## PROBLEM DETAILS
Every line in the material below that includes "rect" should be copied.

## MATERIAL SUPPLIED
Start of Block
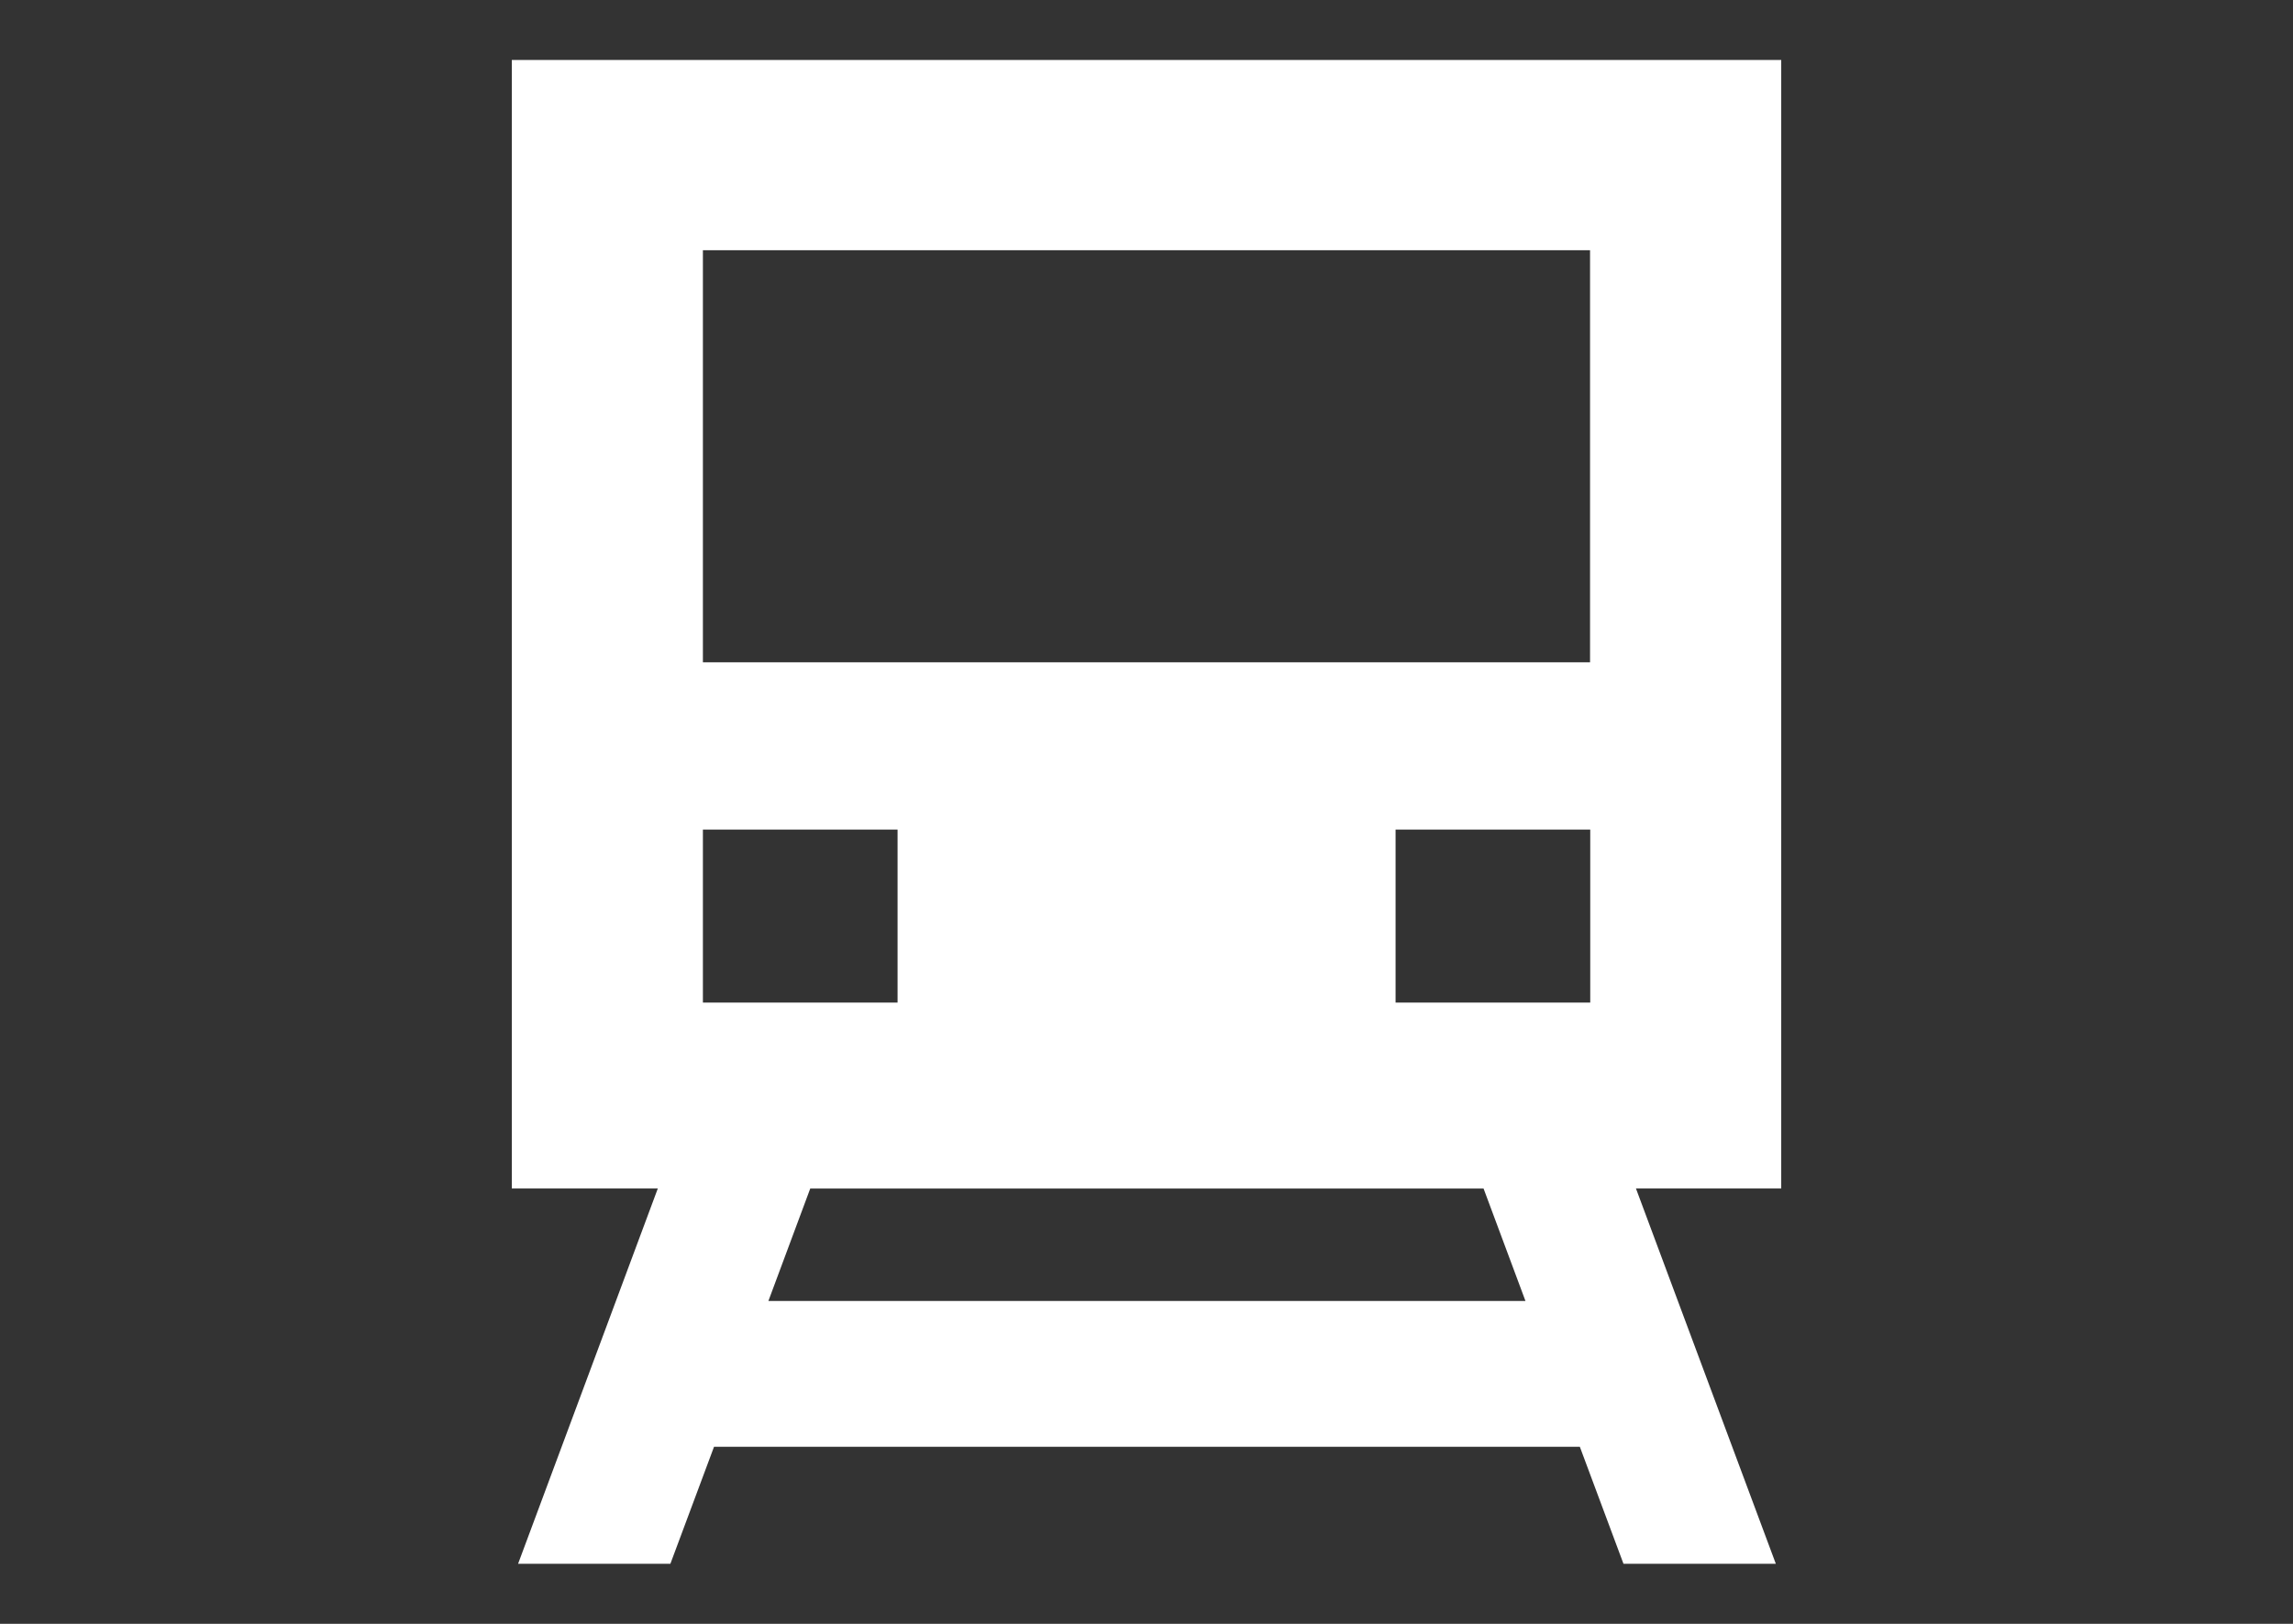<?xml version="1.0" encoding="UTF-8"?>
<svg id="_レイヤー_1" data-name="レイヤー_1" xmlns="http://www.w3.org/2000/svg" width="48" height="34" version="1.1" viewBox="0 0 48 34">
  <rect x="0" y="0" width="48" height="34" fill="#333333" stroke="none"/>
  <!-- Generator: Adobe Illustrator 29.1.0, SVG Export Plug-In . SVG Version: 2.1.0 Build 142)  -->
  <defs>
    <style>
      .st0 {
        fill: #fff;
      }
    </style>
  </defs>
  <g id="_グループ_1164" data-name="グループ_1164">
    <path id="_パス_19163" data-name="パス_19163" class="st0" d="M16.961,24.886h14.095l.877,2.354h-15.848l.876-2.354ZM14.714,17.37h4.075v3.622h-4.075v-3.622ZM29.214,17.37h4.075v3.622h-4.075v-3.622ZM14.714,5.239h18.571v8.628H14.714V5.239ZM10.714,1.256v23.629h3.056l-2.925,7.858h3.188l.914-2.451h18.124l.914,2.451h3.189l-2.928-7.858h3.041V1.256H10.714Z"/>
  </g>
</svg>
End of Block
Start of Block
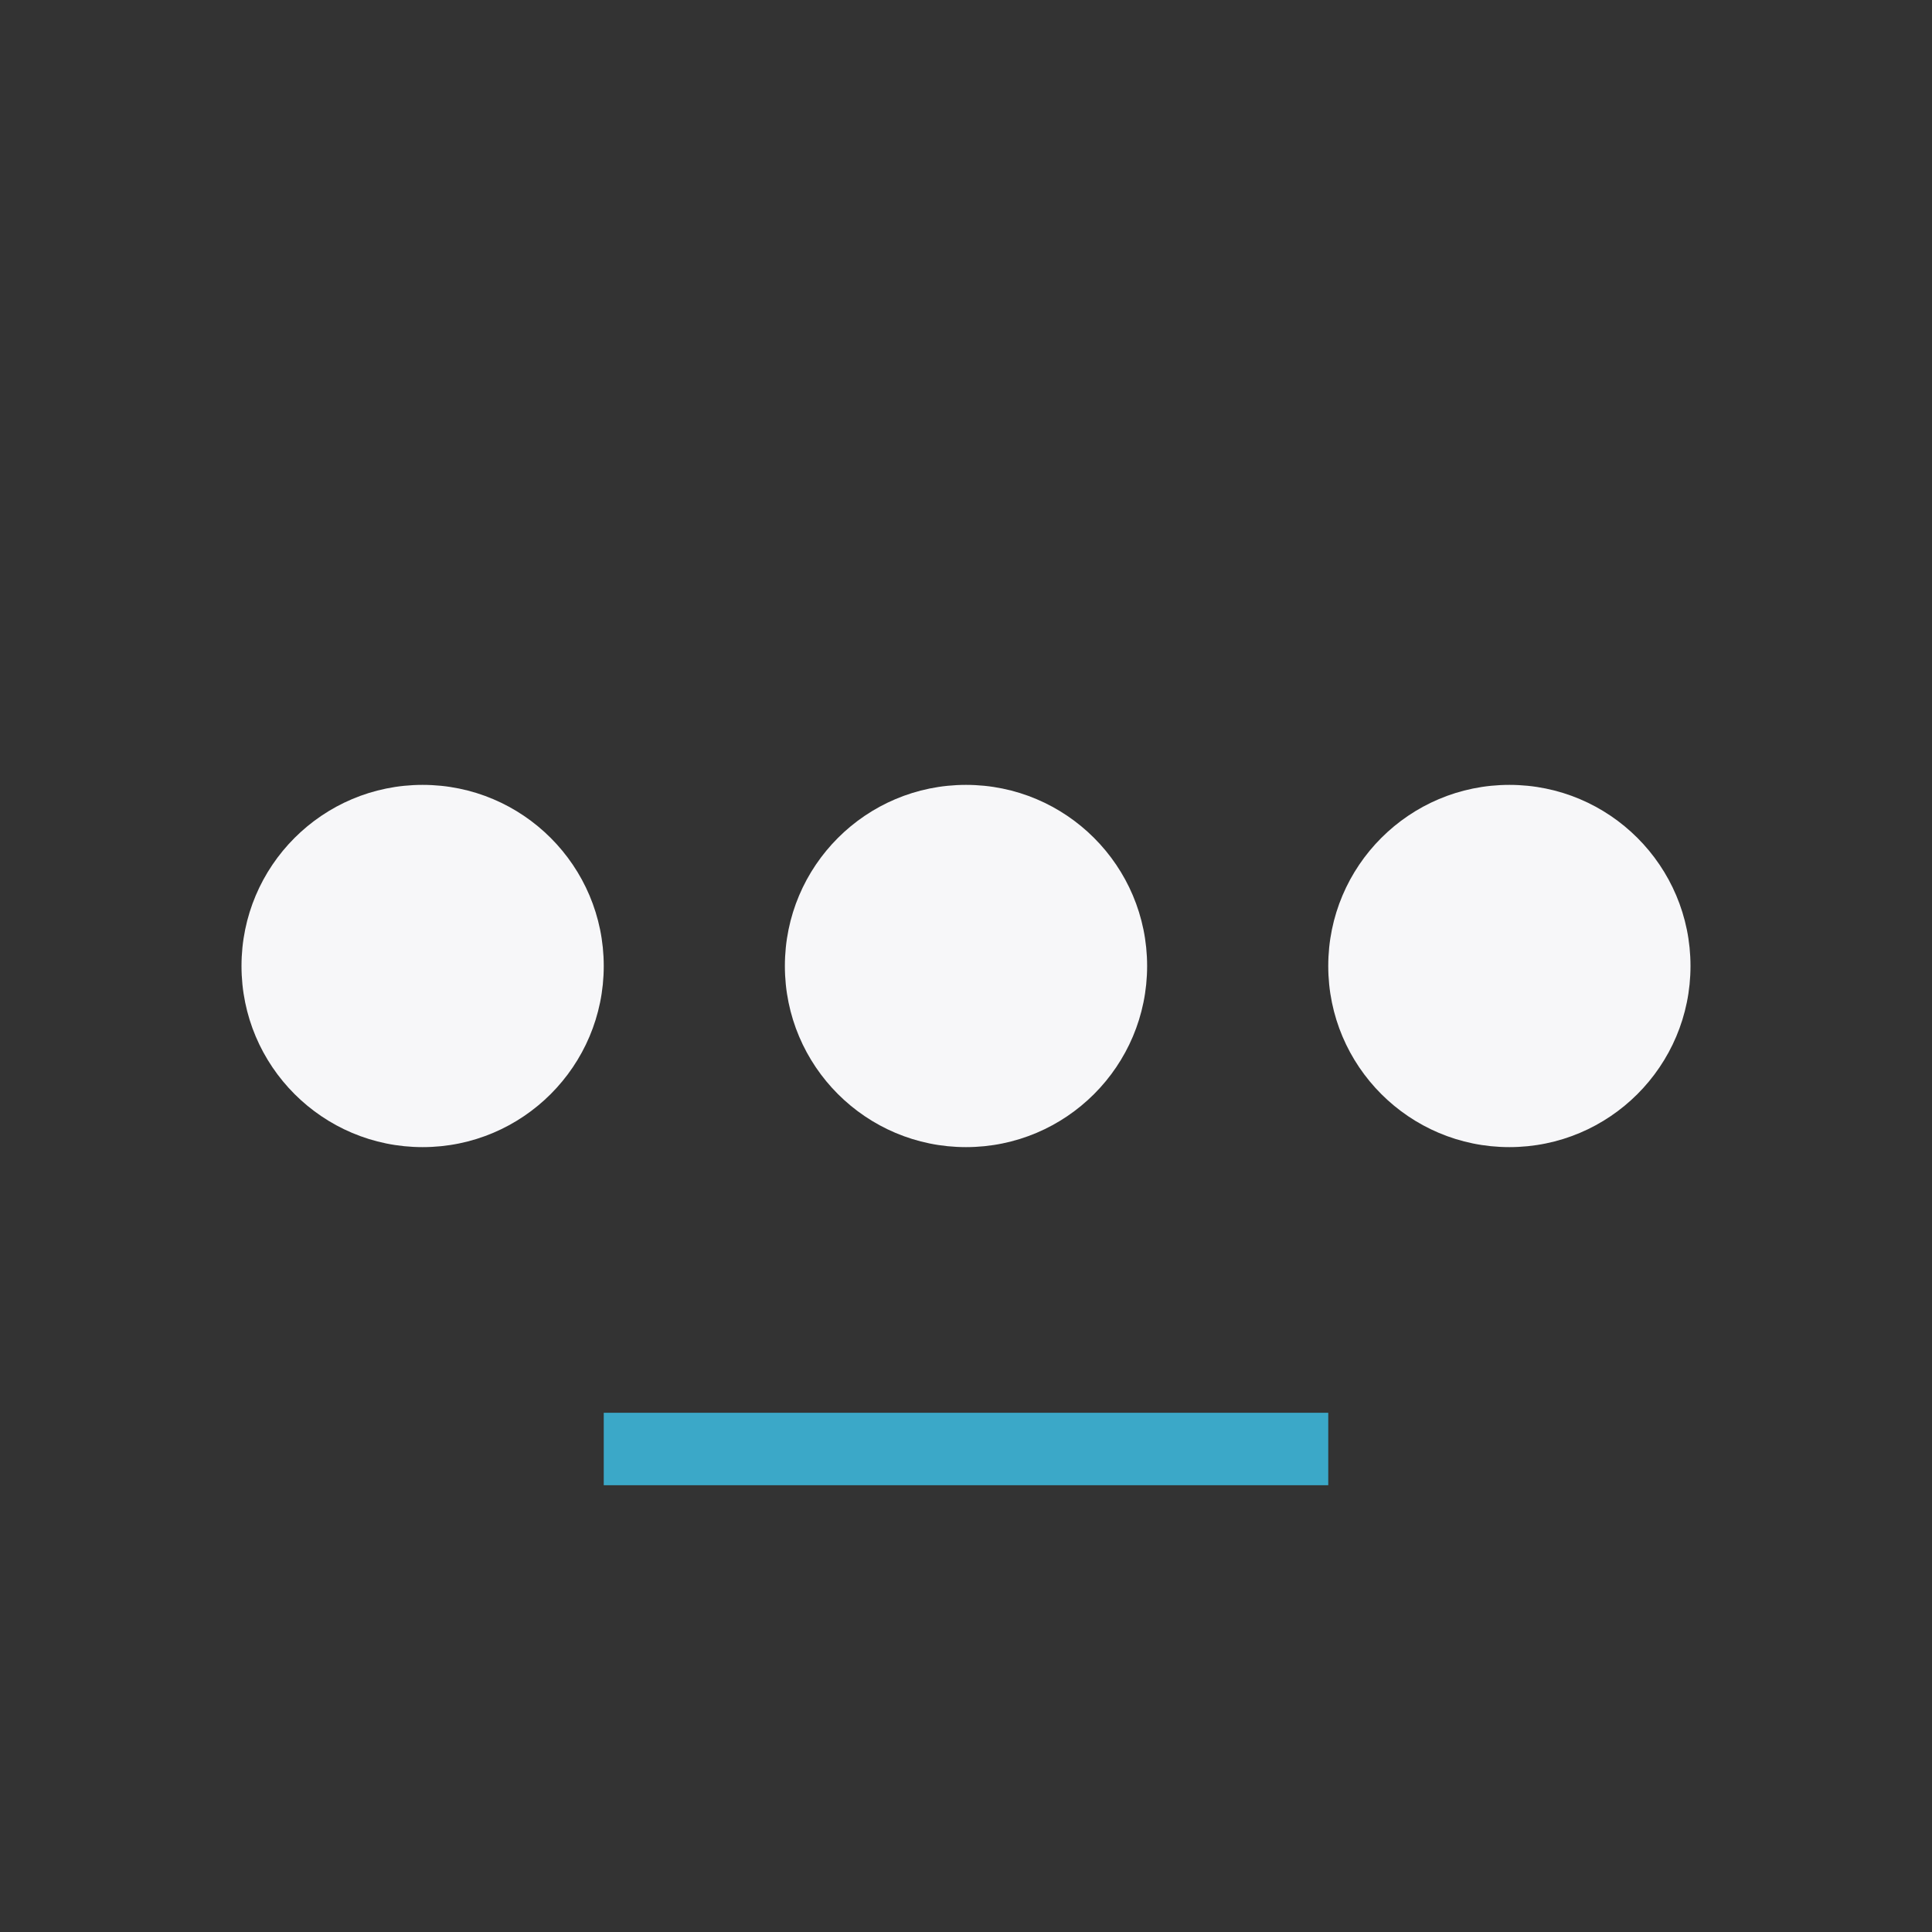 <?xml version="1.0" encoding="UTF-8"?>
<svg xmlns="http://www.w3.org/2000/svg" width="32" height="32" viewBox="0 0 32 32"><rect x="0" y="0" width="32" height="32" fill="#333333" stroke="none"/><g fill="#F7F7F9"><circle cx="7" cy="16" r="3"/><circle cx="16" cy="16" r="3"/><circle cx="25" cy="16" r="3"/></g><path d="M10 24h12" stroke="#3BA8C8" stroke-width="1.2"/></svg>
End of Block
## ANSWER SECTION
  <rect x="0" y="0" width="48" height="34" fill="#333333" stroke="none"/>
<svg xmlns="http://www.w3.org/2000/svg" width="32" height="32" viewBox="0 0 32 32"><rect x="0" y="0" width="32" height="32" fill="#333333" stroke="none"/><g fill="#F7F7F9"><circle cx="7" cy="16" r="3"/><circle cx="16" cy="16" r="3"/><circle cx="25" cy="16" r="3"/></g><path d="M10 24h12" stroke="#3BA8C8" stroke-width="1.2"/></svg>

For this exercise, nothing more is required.